» **PROBLEM STATEMENT**
Copy the data that follows exactly. Include no pictures.

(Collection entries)
· · ·

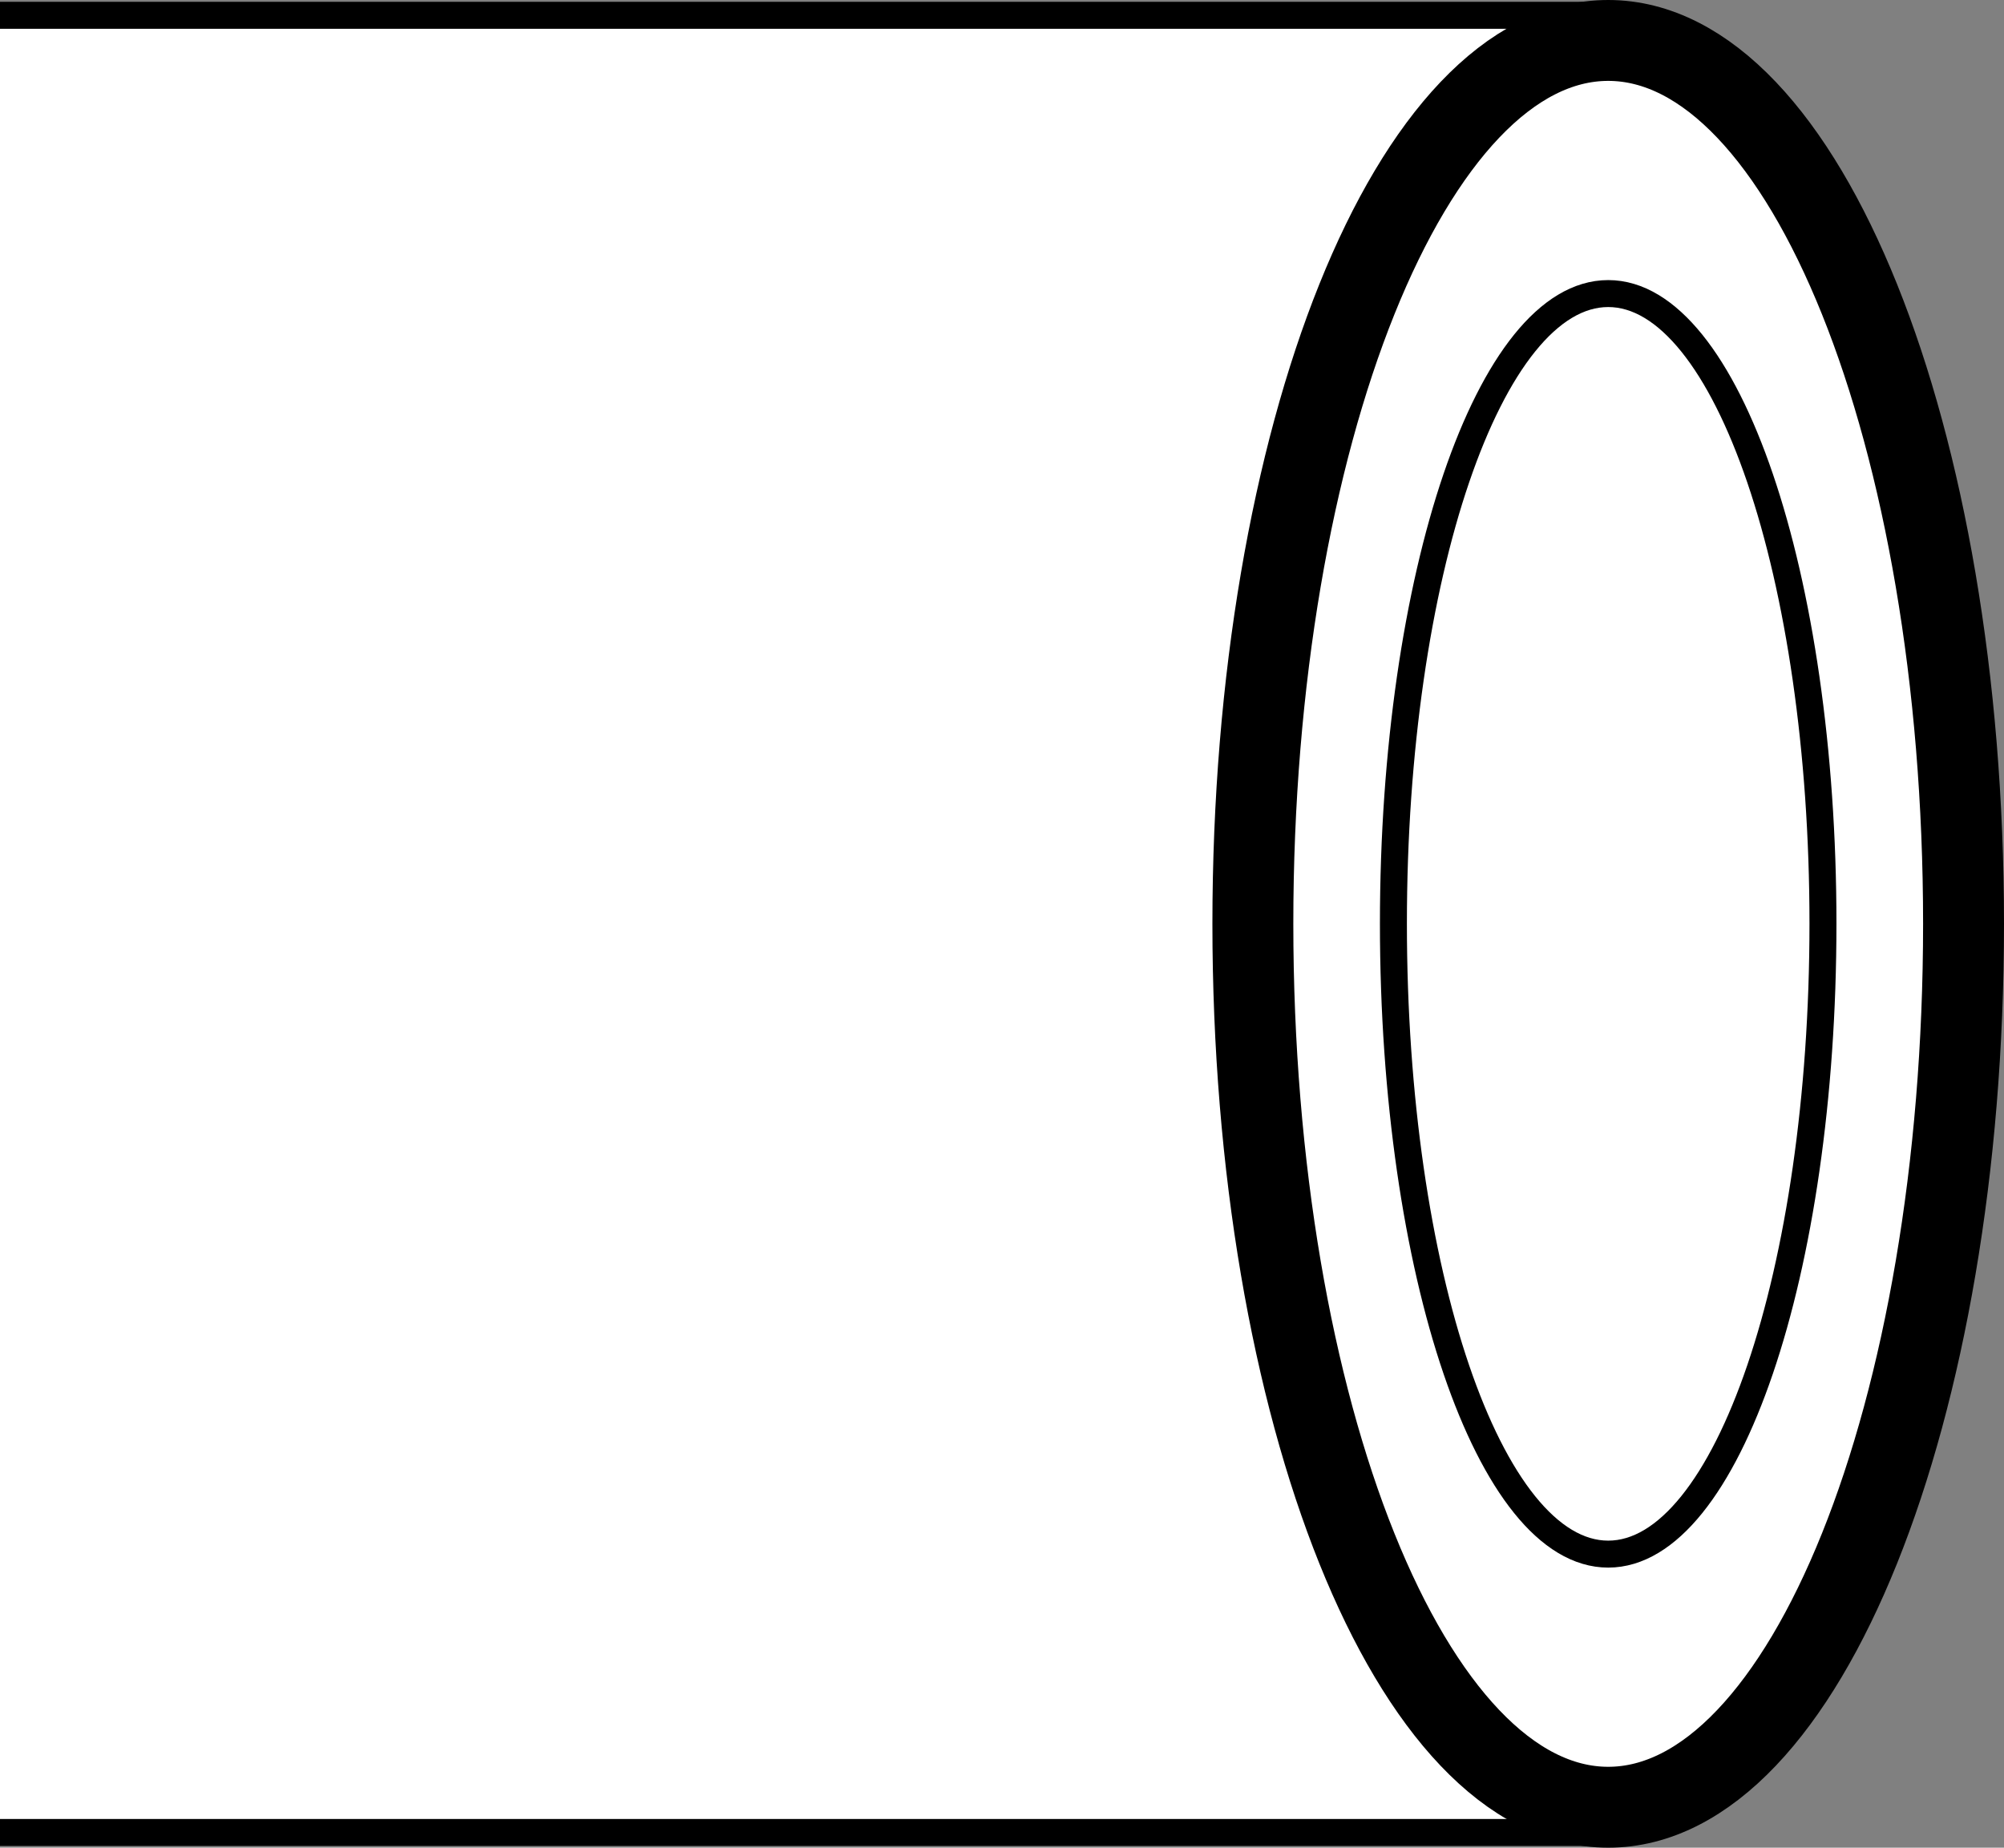 <?xml version="1.0" encoding="iso-8859-1"?>
<!-- Generator: Adobe Illustrator 28.0.0, SVG Export Plug-In . SVG Version: 6.00 Build 0)  -->
<svg version="1.1" id="image_00000116944313825737927900000005033577868371619723_"
	 xmlns="http://www.w3.org/2000/svg" xmlns:xlink="http://www.w3.org/1999/xlink" x="0px" y="0px" width="59.442px"
	 height="54.82px" viewBox="0 0 59.442 54.82" enable-background="new 0 0 59.442 54.82" xml:space="preserve">
<rect x="0" y="0" width="59.442" height="54.82" fill="#808080" stroke="none"/>
<g>
	<path fill="#FFFFFF" stroke="#000000" stroke-width="0.8" d="M0,0.454h47.549c5.987,0,10.84,12.069,10.84,26.962
		c0,14.886-4.853,26.953-10.84,26.953H0"/>
	<path fill="#FFFFFF" stroke="#000000" stroke-width="2.4" d="M47.702,53.62c-5.824,0-10.54-11.734-10.54-26.213
		C37.162,12.936,41.878,1.2,47.702,1.2s10.54,11.736,10.54,26.206C58.242,41.885,53.525,53.62,47.702,53.62z"/>
	<path fill="#FFFFFF" stroke="#000000" stroke-width="0.8" d="M47.702,46.11c-3.518,0-6.371-8.37-6.371-18.706
		c0-10.32,2.853-18.694,6.371-18.694s6.37,8.374,6.37,18.694C54.072,37.74,51.22,46.11,47.702,46.11z"/>
</g>
</svg>

· · ·

» **ANSWER BOX**
 <?xml version="1.0" encoding="iso-8859-1"?>
<!-- Generator: Adobe Illustrator 28.0.0, SVG Export Plug-In . SVG Version: 6.00 Build 0)  -->
<svg version="1.1" id="image_00000116944313825737927900000005033577868371619723_"
	 xmlns="http://www.w3.org/2000/svg" xmlns:xlink="http://www.w3.org/1999/xlink" x="0px" y="0px" width="59.442px"
	 height="54.82px" viewBox="0 0 59.442 54.82" enable-background="new 0 0 59.442 54.82" xml:space="preserve">
<rect x="0" y="0" width="59.442" height="54.82" fill="#808080" stroke="none"/>
<g>
	<path fill="#FFFFFF" stroke="#000000" stroke-width="0.8" d="M0,0.454h47.549c5.987,0,10.84,12.069,10.84,26.962
		c0,14.886-4.853,26.953-10.84,26.953H0"/>
	<path fill="#FFFFFF" stroke="#000000" stroke-width="2.4" d="M47.702,53.62c-5.824,0-10.54-11.734-10.54-26.213
		C37.162,12.936,41.878,1.2,47.702,1.2s10.54,11.736,10.54,26.206C58.242,41.885,53.525,53.62,47.702,53.62z"/>
	<path fill="#FFFFFF" stroke="#000000" stroke-width="0.8" d="M47.702,46.11c-3.518,0-6.371-8.37-6.371-18.706
		c0-10.32,2.853-18.694,6.371-18.694s6.37,8.374,6.37,18.694C54.072,37.74,51.22,46.11,47.702,46.11z"/>
</g>
</svg>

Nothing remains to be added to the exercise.